▶ _Directions for this task_
Take every line in the entries that includes the word "http" and copy it.

· · ·

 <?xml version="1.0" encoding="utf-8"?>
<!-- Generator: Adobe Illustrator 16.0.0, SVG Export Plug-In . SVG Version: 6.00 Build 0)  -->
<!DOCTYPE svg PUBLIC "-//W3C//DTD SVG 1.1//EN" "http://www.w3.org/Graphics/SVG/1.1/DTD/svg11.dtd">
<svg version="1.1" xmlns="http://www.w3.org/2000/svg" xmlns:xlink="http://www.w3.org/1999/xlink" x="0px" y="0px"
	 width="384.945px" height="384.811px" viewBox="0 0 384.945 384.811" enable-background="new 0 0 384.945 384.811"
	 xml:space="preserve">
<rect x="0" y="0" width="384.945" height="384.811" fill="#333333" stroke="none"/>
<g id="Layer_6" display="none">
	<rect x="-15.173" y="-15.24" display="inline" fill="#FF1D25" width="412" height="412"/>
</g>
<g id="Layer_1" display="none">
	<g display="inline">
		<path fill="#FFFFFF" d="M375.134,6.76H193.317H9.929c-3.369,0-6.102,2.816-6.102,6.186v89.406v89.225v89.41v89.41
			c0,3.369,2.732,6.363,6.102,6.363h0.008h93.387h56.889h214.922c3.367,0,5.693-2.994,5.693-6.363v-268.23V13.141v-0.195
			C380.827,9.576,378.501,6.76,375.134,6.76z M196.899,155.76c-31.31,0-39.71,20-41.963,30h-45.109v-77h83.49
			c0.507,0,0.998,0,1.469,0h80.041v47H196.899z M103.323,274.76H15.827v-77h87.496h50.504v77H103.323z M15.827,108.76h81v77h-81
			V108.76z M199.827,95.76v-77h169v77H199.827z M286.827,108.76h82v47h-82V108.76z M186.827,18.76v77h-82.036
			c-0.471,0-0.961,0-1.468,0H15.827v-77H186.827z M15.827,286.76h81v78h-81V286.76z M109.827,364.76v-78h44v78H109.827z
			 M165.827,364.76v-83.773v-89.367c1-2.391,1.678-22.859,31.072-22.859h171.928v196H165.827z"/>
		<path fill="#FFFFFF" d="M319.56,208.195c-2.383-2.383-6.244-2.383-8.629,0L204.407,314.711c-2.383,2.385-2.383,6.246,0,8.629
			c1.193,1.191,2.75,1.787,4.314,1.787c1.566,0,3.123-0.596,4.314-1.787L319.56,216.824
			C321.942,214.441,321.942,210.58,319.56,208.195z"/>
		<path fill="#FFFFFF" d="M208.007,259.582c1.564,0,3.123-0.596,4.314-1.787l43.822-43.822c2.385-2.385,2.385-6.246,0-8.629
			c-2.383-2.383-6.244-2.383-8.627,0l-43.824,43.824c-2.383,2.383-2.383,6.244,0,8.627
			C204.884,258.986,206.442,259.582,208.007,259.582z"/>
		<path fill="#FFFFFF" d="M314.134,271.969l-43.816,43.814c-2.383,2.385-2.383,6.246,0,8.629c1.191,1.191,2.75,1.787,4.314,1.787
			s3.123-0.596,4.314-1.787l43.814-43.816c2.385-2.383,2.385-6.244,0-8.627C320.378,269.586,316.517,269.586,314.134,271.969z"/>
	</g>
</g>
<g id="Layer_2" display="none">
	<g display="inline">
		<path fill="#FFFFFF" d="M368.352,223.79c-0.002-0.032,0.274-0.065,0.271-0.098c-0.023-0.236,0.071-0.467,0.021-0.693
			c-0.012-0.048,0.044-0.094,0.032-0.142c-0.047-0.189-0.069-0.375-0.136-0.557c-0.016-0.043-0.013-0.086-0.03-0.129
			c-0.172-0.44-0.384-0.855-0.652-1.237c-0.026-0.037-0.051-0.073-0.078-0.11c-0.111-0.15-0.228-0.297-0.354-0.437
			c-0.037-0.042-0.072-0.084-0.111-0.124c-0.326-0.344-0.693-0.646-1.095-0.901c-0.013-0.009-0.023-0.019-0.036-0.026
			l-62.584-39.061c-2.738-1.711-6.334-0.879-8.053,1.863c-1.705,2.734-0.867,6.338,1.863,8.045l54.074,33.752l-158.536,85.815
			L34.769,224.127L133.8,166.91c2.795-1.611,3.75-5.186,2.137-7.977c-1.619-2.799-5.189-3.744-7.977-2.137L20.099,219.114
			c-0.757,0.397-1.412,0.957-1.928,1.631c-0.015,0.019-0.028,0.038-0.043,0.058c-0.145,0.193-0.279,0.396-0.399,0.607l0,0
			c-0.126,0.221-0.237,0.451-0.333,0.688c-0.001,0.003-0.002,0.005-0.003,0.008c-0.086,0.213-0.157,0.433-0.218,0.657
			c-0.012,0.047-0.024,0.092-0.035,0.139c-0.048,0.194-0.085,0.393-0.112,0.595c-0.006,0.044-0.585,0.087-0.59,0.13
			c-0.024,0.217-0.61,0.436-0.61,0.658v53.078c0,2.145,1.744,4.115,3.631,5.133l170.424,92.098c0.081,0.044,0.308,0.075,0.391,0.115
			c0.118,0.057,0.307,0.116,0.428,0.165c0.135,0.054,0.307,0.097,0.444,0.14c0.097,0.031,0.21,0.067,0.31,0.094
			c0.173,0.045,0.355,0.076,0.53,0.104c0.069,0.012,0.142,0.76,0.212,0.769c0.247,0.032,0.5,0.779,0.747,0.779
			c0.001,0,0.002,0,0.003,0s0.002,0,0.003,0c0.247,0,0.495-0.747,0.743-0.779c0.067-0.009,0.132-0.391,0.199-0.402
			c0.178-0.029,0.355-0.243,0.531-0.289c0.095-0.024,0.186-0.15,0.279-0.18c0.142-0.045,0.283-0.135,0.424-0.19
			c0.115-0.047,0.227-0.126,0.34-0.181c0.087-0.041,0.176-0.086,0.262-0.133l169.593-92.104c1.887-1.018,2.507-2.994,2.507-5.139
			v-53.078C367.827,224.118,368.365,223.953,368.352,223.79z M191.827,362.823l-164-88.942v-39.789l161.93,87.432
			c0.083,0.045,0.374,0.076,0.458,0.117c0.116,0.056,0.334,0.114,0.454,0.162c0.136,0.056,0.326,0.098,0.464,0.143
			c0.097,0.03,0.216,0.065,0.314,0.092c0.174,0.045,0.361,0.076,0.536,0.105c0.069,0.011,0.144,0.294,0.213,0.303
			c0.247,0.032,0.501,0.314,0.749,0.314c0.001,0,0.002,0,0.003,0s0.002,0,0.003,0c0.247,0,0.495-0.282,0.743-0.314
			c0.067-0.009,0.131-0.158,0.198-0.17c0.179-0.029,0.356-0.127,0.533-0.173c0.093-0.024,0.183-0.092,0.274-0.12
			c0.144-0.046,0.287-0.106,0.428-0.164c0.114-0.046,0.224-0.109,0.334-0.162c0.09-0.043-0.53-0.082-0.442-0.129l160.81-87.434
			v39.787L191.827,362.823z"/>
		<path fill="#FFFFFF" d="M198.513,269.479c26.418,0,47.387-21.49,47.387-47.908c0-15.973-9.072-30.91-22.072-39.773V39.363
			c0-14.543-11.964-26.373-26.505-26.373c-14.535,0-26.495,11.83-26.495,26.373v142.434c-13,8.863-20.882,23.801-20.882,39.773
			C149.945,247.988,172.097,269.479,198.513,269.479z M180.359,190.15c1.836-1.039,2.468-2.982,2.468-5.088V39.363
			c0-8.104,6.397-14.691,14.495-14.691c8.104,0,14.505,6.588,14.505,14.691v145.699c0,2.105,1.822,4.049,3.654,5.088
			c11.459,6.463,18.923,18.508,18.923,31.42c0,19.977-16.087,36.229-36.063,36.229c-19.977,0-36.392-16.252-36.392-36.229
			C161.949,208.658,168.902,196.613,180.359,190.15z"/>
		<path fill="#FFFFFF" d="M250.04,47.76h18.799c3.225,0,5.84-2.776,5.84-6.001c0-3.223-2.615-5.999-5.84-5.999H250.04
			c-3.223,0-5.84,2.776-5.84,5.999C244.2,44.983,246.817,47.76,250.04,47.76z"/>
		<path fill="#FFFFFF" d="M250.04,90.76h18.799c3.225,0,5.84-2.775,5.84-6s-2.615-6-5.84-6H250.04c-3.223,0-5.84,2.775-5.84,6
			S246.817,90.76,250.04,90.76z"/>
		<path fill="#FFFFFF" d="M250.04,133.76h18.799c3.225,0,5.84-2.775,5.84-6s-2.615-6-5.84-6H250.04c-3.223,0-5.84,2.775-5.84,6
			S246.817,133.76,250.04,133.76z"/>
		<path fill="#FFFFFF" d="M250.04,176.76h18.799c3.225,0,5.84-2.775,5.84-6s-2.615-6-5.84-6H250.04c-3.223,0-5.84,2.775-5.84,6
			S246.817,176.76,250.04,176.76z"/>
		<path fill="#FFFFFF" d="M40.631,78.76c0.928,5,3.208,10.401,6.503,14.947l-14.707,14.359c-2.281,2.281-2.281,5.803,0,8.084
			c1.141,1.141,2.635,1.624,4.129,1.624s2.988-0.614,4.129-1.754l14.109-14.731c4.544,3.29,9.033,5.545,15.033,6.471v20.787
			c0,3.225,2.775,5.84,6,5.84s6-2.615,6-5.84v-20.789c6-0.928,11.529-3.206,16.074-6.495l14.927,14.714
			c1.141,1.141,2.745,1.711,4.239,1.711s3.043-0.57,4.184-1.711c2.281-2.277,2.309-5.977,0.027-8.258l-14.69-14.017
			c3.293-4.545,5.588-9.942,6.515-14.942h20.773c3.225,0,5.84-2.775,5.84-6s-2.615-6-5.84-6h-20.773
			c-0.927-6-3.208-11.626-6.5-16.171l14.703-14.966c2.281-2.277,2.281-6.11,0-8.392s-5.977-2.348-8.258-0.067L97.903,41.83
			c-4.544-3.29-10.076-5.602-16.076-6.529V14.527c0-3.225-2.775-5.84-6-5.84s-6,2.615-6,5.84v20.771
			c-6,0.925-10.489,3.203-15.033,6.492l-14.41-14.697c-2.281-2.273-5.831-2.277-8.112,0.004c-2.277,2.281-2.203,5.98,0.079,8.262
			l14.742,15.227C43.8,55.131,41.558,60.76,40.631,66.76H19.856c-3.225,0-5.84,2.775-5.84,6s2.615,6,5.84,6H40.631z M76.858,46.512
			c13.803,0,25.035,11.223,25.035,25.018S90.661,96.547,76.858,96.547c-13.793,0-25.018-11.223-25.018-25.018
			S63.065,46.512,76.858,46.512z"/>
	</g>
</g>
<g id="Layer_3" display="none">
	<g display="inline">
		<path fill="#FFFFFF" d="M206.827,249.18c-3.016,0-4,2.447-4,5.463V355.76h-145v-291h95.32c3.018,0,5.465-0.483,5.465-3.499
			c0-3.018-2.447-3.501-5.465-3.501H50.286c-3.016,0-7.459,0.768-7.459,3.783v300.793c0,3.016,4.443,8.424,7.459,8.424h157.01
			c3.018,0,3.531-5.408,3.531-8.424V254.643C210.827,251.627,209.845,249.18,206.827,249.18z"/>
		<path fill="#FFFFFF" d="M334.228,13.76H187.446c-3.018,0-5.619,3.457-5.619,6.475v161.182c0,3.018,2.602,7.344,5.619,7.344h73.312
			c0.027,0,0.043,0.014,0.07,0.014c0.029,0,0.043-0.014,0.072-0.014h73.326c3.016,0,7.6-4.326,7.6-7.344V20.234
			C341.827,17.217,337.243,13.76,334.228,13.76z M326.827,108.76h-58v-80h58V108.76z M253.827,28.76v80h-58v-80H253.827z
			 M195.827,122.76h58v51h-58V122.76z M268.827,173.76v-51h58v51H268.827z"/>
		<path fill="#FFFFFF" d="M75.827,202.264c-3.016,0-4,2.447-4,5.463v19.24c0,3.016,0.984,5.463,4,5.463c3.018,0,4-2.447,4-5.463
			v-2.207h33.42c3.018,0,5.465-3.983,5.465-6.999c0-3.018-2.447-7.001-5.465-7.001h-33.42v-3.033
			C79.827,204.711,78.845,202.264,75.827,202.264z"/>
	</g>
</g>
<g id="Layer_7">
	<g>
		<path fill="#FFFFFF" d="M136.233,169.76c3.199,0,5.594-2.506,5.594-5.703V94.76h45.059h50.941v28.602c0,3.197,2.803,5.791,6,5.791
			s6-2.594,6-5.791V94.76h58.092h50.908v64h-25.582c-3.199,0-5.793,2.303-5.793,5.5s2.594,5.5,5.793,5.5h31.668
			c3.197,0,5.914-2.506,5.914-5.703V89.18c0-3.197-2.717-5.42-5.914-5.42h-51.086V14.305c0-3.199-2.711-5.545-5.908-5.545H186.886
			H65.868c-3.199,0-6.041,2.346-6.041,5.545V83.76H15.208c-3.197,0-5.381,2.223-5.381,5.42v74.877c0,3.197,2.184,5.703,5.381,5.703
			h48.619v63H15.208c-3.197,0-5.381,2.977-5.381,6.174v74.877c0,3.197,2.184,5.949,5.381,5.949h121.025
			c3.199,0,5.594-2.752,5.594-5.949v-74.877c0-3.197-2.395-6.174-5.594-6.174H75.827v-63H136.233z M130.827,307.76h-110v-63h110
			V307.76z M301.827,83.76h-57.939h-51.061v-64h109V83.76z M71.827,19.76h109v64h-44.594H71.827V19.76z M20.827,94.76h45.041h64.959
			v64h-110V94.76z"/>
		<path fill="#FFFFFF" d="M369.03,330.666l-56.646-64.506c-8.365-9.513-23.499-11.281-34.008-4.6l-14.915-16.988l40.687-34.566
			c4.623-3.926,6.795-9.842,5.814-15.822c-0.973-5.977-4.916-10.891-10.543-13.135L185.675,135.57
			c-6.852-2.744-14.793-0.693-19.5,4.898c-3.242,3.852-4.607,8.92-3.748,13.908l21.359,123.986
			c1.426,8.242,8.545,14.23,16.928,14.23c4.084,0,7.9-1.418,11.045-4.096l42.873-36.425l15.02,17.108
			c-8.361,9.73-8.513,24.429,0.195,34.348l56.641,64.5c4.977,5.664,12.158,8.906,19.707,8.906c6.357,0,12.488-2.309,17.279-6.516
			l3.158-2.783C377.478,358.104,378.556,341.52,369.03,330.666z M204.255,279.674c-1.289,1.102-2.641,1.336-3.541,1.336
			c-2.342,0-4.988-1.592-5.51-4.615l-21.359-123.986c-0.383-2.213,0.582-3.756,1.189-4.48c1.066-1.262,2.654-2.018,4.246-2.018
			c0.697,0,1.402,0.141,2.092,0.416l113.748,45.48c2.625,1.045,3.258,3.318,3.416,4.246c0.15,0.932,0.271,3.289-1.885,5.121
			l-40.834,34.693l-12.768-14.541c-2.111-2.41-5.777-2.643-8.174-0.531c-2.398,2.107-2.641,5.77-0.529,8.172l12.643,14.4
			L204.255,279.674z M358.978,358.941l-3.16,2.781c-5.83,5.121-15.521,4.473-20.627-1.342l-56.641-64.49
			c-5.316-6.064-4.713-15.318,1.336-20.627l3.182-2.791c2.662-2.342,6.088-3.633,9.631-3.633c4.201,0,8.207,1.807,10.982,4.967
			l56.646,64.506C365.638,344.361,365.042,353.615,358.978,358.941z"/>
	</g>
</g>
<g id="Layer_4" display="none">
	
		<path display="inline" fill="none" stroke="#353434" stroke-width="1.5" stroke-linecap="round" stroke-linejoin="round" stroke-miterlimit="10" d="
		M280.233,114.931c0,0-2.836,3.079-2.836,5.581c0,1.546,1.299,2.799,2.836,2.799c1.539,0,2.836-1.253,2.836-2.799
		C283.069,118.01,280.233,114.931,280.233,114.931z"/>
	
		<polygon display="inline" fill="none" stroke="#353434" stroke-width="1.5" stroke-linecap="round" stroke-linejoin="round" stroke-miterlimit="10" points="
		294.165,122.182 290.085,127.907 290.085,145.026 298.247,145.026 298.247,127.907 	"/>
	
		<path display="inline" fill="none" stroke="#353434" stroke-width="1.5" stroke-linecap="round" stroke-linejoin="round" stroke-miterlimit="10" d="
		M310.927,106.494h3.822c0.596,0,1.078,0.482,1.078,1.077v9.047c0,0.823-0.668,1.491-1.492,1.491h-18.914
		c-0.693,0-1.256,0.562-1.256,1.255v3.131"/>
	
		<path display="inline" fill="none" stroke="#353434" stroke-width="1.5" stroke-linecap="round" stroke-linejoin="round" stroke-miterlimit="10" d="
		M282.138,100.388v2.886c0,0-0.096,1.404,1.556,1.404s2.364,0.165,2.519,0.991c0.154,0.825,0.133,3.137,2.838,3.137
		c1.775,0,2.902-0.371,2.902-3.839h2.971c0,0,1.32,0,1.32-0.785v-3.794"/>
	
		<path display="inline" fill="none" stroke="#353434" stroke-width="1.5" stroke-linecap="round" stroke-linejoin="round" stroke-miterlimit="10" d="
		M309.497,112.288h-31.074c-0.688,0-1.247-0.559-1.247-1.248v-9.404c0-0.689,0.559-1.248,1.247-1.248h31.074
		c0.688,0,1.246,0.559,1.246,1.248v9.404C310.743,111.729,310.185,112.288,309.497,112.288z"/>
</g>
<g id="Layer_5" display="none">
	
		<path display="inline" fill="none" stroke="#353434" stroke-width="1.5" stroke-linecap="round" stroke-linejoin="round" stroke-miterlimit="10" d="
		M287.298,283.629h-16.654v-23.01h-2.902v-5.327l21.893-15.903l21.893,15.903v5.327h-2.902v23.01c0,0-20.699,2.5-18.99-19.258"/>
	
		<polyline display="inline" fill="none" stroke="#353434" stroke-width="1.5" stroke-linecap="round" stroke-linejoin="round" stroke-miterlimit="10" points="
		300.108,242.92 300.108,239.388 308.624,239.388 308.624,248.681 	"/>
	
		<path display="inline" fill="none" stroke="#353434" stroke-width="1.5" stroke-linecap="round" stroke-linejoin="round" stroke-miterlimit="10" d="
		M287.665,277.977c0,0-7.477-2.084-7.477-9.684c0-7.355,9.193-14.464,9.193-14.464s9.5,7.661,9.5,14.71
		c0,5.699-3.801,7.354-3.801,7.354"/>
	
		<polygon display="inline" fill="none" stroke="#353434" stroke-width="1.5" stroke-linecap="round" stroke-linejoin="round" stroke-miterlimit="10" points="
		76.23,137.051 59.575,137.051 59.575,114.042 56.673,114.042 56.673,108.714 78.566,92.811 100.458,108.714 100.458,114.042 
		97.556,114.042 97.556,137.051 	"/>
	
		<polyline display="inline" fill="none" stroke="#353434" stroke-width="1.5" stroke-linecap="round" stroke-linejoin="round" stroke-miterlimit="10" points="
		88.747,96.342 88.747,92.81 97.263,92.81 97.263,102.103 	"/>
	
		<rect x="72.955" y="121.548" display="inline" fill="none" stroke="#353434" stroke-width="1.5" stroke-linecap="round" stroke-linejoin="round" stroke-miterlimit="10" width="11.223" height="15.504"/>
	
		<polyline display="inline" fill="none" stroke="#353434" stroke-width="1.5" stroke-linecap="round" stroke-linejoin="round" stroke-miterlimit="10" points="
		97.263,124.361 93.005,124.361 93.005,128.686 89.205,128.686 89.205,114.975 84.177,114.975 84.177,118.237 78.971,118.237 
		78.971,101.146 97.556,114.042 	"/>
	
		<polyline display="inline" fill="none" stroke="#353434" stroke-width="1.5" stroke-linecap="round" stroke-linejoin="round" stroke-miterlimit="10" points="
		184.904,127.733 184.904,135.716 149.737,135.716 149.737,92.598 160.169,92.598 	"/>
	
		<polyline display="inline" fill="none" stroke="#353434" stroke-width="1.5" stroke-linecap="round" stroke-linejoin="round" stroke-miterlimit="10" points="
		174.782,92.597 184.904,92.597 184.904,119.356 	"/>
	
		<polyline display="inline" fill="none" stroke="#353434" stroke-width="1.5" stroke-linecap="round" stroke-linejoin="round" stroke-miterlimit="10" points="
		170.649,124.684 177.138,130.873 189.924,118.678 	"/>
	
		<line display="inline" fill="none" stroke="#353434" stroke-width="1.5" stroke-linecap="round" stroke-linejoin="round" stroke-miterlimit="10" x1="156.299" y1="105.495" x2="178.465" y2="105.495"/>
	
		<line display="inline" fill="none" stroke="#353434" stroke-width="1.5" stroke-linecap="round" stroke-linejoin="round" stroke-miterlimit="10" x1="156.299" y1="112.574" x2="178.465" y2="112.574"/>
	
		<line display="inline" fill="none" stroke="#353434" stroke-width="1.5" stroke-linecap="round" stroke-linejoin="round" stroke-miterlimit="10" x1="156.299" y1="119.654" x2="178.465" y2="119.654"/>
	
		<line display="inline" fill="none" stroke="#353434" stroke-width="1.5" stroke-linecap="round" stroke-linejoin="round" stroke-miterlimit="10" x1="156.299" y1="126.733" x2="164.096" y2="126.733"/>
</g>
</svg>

· · ·

▶ _Solution to the exercise_
<!DOCTYPE svg PUBLIC "-//W3C//DTD SVG 1.1//EN" "http://www.w3.org/Graphics/SVG/1.1/DTD/svg11.dtd">
<svg version="1.1" xmlns="http://www.w3.org/2000/svg" xmlns:xlink="http://www.w3.org/1999/xlink" x="0px" y="0px"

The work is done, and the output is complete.